» **WHAT YOU HAVE TO DO**: Return the data below exactly, please, but drop the pictures.

» **Stored data entries**:
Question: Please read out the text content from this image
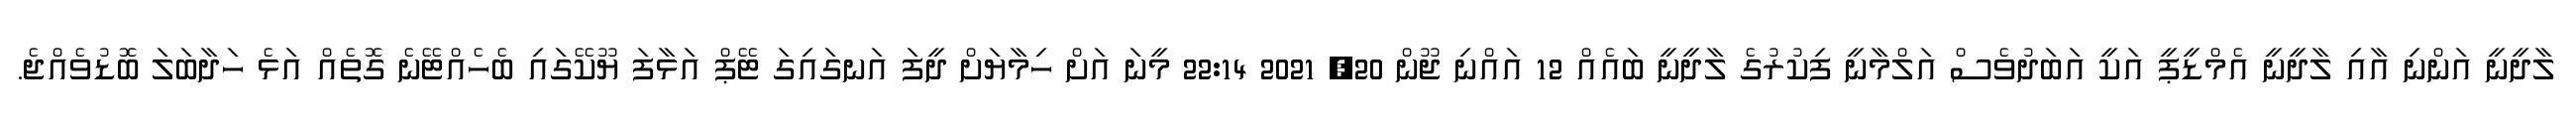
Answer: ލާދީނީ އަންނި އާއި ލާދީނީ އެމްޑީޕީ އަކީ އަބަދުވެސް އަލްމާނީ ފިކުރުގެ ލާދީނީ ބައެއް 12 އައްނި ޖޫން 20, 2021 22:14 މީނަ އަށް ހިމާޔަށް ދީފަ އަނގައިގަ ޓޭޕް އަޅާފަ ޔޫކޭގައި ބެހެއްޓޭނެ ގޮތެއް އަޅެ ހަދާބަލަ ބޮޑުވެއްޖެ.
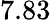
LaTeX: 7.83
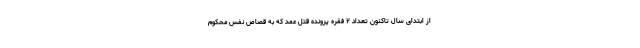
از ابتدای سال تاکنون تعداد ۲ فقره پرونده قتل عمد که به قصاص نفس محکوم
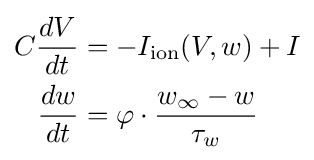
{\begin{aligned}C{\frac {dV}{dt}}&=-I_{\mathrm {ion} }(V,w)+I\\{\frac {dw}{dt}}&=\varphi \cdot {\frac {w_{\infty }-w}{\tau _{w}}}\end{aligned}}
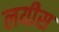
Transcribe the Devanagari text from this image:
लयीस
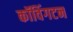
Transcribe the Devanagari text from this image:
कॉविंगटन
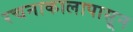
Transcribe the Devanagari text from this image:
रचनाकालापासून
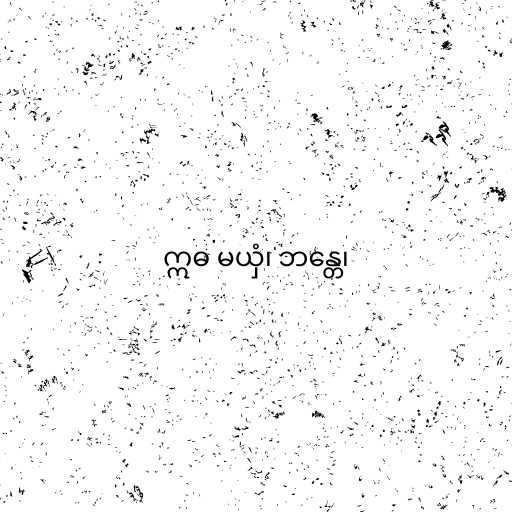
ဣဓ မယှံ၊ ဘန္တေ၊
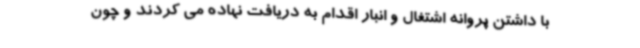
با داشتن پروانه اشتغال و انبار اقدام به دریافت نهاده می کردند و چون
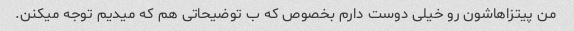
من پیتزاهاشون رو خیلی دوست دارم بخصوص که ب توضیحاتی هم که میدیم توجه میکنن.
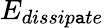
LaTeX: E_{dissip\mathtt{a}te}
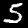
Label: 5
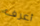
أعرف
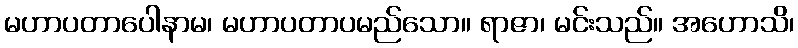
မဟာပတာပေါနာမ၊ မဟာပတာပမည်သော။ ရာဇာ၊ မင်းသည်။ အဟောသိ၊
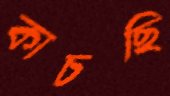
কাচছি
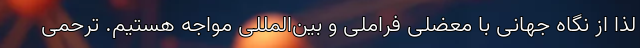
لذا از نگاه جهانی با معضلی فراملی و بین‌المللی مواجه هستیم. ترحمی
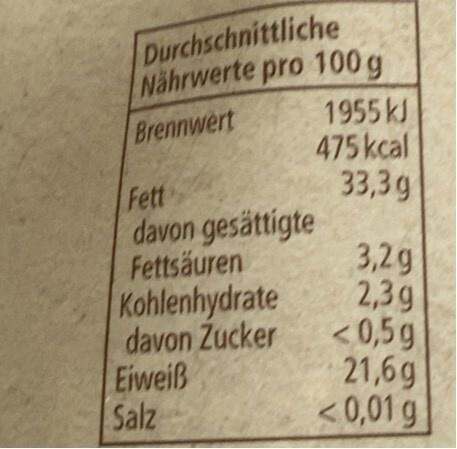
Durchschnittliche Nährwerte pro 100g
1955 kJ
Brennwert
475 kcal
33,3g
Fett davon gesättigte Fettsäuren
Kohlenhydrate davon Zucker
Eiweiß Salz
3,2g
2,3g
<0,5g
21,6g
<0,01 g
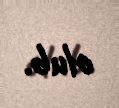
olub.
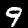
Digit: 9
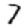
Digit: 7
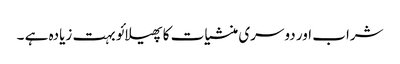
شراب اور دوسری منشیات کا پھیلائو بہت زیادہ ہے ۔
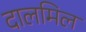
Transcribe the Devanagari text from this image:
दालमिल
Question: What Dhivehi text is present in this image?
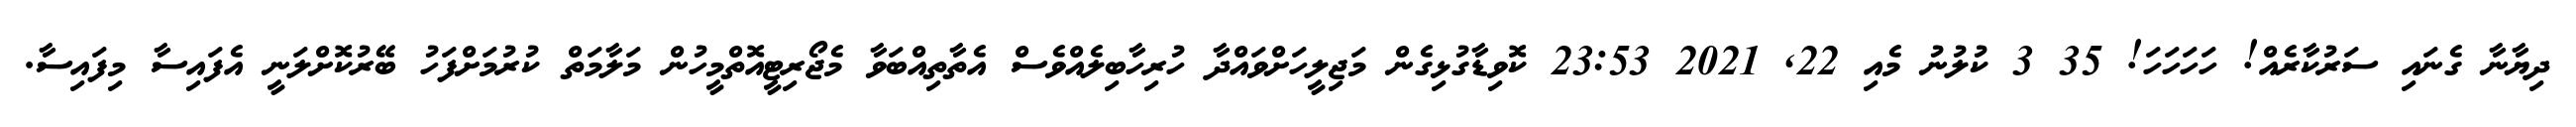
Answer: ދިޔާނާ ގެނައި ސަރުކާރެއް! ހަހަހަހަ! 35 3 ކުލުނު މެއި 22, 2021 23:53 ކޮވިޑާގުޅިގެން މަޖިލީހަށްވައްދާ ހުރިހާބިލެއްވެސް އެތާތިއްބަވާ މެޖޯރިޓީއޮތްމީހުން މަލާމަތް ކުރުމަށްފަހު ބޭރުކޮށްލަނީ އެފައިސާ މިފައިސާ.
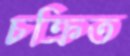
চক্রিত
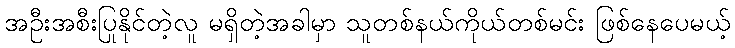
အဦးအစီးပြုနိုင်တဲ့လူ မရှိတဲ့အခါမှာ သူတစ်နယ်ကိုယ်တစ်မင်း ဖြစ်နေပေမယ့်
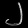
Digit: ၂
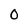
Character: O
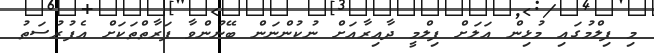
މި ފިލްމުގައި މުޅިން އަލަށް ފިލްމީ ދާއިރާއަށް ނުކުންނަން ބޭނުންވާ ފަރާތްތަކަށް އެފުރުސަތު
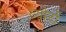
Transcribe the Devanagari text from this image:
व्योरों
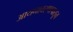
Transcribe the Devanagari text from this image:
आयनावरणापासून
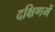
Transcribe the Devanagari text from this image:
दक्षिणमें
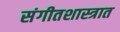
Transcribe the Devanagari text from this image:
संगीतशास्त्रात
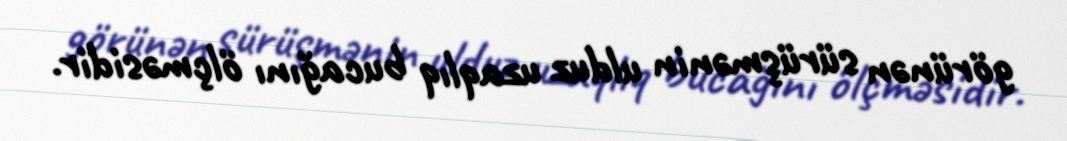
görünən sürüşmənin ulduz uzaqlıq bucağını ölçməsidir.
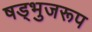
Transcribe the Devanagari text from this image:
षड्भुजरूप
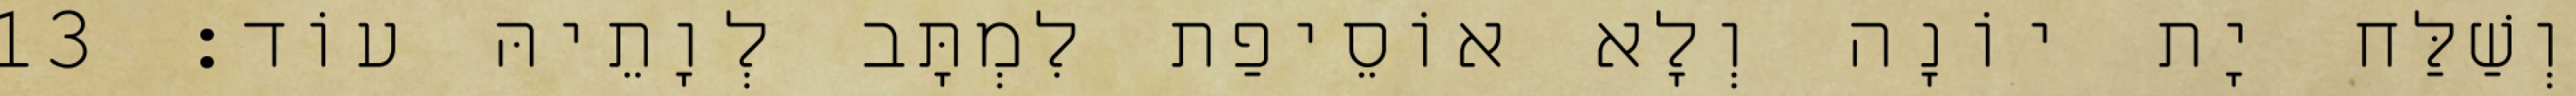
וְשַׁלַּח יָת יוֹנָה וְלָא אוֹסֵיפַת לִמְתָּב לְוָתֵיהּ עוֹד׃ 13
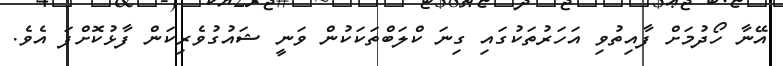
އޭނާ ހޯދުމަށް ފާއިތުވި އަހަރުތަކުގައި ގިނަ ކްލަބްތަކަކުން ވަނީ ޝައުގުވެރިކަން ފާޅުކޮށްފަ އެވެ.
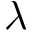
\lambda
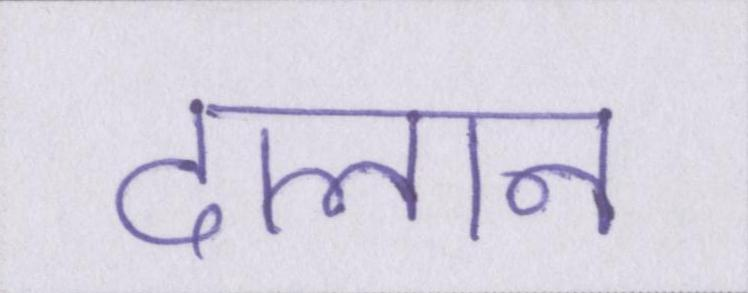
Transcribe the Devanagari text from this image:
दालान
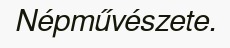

» **OUTPUT FOR THIS TASK**:
Question: Please read out the text content from this image
Answer: ލާދީނީ އަންނި އާއި ލާދީނީ އެމްޑީޕީ އަކީ އަބަދުވެސް އަލްމާނީ ފިކުރުގެ ލާދީނީ ބައެއް 12 އައްނި ޖޫން 20, 2021 22:14 މީނަ އަށް ހިމާޔަށް ދީފަ އަނގައިގަ ޓޭޕް އަޅާފަ ޔޫކޭގައި ބެހެއްޓޭނެ ގޮތެއް އަޅެ ހަދާބަލަ ބޮޑުވެއްޖެ.
LaTeX: 7.83
از ابتدای سال تاکنون تعداد ۲ فقره پرونده قتل عمد که به قصاص نفس محکوم
{\begin{aligned}C{\frac {dV}{dt}}&=-I_{\mathrm {ion} }(V,w)+I\\{\frac {dw}{dt}}&=\varphi \cdot {\frac {w_{\infty }-w}{\tau _{w}}}\end{aligned}}
Transcribe the Devanagari text from this image:
लयीस
Transcribe the Devanagari text from this image:
कॉविंगटन
Transcribe the Devanagari text from this image:
रचनाकालापासून
ဣဓ မယှံ၊ ဘန္တေ၊
با داشتن پروانه اشتغال و انبار اقدام به دریافت نهاده می کردند و چون
من پیتزاهاشون رو خیلی دوست دارم بخصوص که ب توضیحاتی هم که میدیم توجه میکنن.
LaTeX: E_{dissip\mathtt{a}te}
Label: 5
أعرف
မဟာပတာပေါနာမ၊ မဟာပတာပမည်သော။ ရာဇာ၊ မင်းသည်။ အဟောသိ၊
কাচছি
لذا از نگاه جهانی با معضلی فراملی و بین‌المللی مواجه هستیم. ترحمی
Durchschnittliche Nährwerte pro 100g
1955 kJ
Brennwert
475 kcal
33,3g
Fett davon gesättigte Fettsäuren
Kohlenhydrate davon Zucker
Eiweiß Salz
3,2g
2,3g
<0,5g
21,6g
<0,01 g
olub.
Digit: 9
Digit: 7
شراب اور دوسری منشیات کا پھیلائو بہت زیادہ ہے ۔
Transcribe the Devanagari text from this image:
दालमिल
Question: What Dhivehi text is present in this image?
Answer: ދިޔާނާ ގެނައި ސަރުކާރެއް! ހަހަހަހަ! 35 3 ކުލުނު މެއި 22, 2021 23:53 ކޮވިޑާގުޅިގެން މަޖިލީހަށްވައްދާ ހުރިހާބިލެއްވެސް އެތާތިއްބަވާ މެޖޯރިޓީއޮތްމީހުން މަލާމަތް ކުރުމަށްފަހު ބޭރުކޮށްލަނީ އެފައިސާ މިފައިސާ.
চক্রিত
အဦးအစီးပြုနိုင်တဲ့လူ မရှိတဲ့အခါမှာ သူတစ်နယ်ကိုယ်တစ်မင်း ဖြစ်နေပေမယ့်
Digit: ၂
Character: O
މި ފިލްމުގައި މުޅިން އަލަށް ފިލްމީ ދާއިރާއަށް ނުކުންނަން ބޭނުންވާ ފަރާތްތަކަށް އެފުރުސަތު
Transcribe the Devanagari text from this image:
व्योरों
Transcribe the Devanagari text from this image:
आयनावरणापासून
Transcribe the Devanagari text from this image:
दक्षिणमें
Transcribe the Devanagari text from this image:
संगीतशास्त्रात
görünən sürüşmənin ulduz uzaqlıq bucağını ölçməsidir.
Transcribe the Devanagari text from this image:
षड्भुजरूप
וְשַׁלַּח יָת יוֹנָה וְלָא אוֹסֵיפַת לִמְתָּב לְוָתֵיהּ עוֹד׃ 13
އޭނާ ހޯދުމަށް ފާއިތުވި އަހަރުތަކުގައި ގިނަ ކްލަބްތަކަކުން ވަނީ ޝައުގުވެރިކަން ފާޅުކޮށްފަ އެވެ.
\lambda
Transcribe the Devanagari text from this image:
दालान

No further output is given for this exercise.